Auf zum Traumjob Folge XXIV: Auszeit vom Traumjob
Auszeiten und Sabbaticals werden heute häufiger in Anspruch genommen als noch vor 20 Jahren. Dennoch bleibt die Entscheidung, sich für einen längeren Zeitraum aus dem Arbeitsprozess herauszunehmen, eine sehr schwere und ist sie dann getroffen, fällt es oftmals gar nicht leicht, diese Ich-Zeit zu genießen. „Ich weiß einfach nicht was mit mir los ist, aber ich kann mich einfach nicht so richtig entspannen“ sagte die New-Placement-Kundin zu mir im Gespräch.

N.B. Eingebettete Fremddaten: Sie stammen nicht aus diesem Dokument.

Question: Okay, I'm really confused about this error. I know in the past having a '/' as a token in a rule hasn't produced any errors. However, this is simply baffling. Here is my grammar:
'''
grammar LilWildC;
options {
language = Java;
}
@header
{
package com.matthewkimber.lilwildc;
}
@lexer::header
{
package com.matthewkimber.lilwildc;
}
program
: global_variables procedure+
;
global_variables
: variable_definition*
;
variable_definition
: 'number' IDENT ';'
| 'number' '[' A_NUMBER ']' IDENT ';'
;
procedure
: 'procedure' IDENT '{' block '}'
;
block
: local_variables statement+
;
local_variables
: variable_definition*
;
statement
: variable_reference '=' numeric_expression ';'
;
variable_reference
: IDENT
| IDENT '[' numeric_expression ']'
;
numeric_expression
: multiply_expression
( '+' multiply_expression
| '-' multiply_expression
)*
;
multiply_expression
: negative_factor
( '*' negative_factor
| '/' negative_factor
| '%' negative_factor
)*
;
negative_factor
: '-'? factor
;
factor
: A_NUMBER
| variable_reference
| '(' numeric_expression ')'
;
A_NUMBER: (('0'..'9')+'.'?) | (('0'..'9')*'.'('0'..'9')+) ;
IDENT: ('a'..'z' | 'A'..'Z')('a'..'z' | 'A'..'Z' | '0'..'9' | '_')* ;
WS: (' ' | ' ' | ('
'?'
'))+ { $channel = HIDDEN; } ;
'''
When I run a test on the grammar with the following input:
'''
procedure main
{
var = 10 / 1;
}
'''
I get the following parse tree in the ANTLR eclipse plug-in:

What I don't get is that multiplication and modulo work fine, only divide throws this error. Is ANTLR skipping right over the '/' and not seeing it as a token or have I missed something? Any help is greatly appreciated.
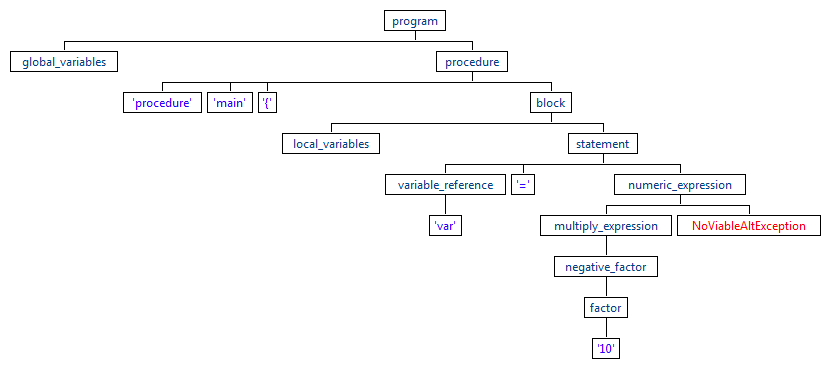
Answer: There's nothing wrong with your grammar, the problem must be the Eclipse plugin. ANTLRWorks' debugger produces the tree:

And creating a little test myself (after fixing the typo 'grammary LilWildC;' to 'grammar LilWildC;', and removing the packages) with a main class and ANTLR 3.3:
## LilWildC.g
'''
grammar LilWildC;
options {
language = Java;
}
program
: global_variables procedure+
;
global_variables
: variable_definition*
;
variable_definition
: 'number' IDENT ';'
| 'number' '[' A_NUMBER ']' IDENT ';'
;
p rocedure
: 'procedure' IDENT '{' block '}'
;
block
: local_variables statement+
;
local_variables
: variable_definition*
;
statement
: variable_reference '=' numeric_expression ';'
;
variable_reference
: IDENT
| IDENT '[' numeric_expression ']'
;
numeric_expression
: multiply_expression
( '+' multiply_expression
| '-' multiply_expression
)*
;
multiply_expression
: negative_factor
( '*' negative_factor
| '/' negative_factor
| '%' negative_factor
)*
;
negative_factor
: '-'? factor
;
factor
: A_NUMBER
| variable_reference
| '(' numeric_expression ')'
;
A_NUMBER: (('0'..'9')+'.'?) | (('0'..'9')*'.'('0'..'9')+) ;
IDENT: ('a'..'z' | 'A'..'Z')('a'..'z' | 'A'..'Z' | '0'..'9' | '_')* ;
WS: (' ' | ' ' | ('
'?'
'))+ { $channel = HIDDEN; } ;
'''
## Main.java
'''
import org.antlr.runtime.*;
public class Main {
public static void main(String[] args) throws Exception {
String src =
"procedure main
" +
"{
" +
" var = 10 / 1;
" +
"}
";
LilWildCLexer lexer = new LilWildCLexer(new ANTLRStringStream(src));
LilWildCParser parser = new LilWildCParser(new CommonTokenStream(lexer));
parser.program();
}
}
'''
'''
bart@hades:~/Programming/ANTLR/Demos/LilWildC$ java -cp antlr-3.3.jar org.antlr.Tool LilWildC.g
bart@hades:~/Programming/ANTLR/Demos/LilWildC$ javac -cp antlr-3.3.jar *.java
bart@hades:~/Programming/ANTLR/Demos/LilWildC$ java -cp .:antlr-3.3.jar Main
'''
produces no errors or warnings.

Sie war nach vielen Jahren unfreiwillig aus einem Unternehmen ausgeschieden und ihr Plan war, sich jetzt einige Monate Auszeit zu gönnen, bevor sie sich wieder aktiv am Arbeitsmarkt bewerben oder überhaupt eine völlig neue berufliche Richtung einschlagen wollte. „Meine Gedanken springen hin und her. Mache ich gar nichts, dann habe ich ein schlechtes Gewissen und beschäftige ich mich dann mit meiner beruflichen Zukunft wird es mir schnell zu viel“, setzte sie fort.
Von 100 auf 0 ist schwierig
Im Sport ist es längst bekannt, einfach so aufzuhören geht nicht. Leistungssportler müssen nach dem Aufhören langsam abtrainieren. Ähnlich verhält es sich auch zu Beginn einer Auszeit, vor allem wenn wir es jahrelang gewohnt waren, in eine fixe Tagesstruktur eingebettet zu sein und viele Stunden zu arbeiten.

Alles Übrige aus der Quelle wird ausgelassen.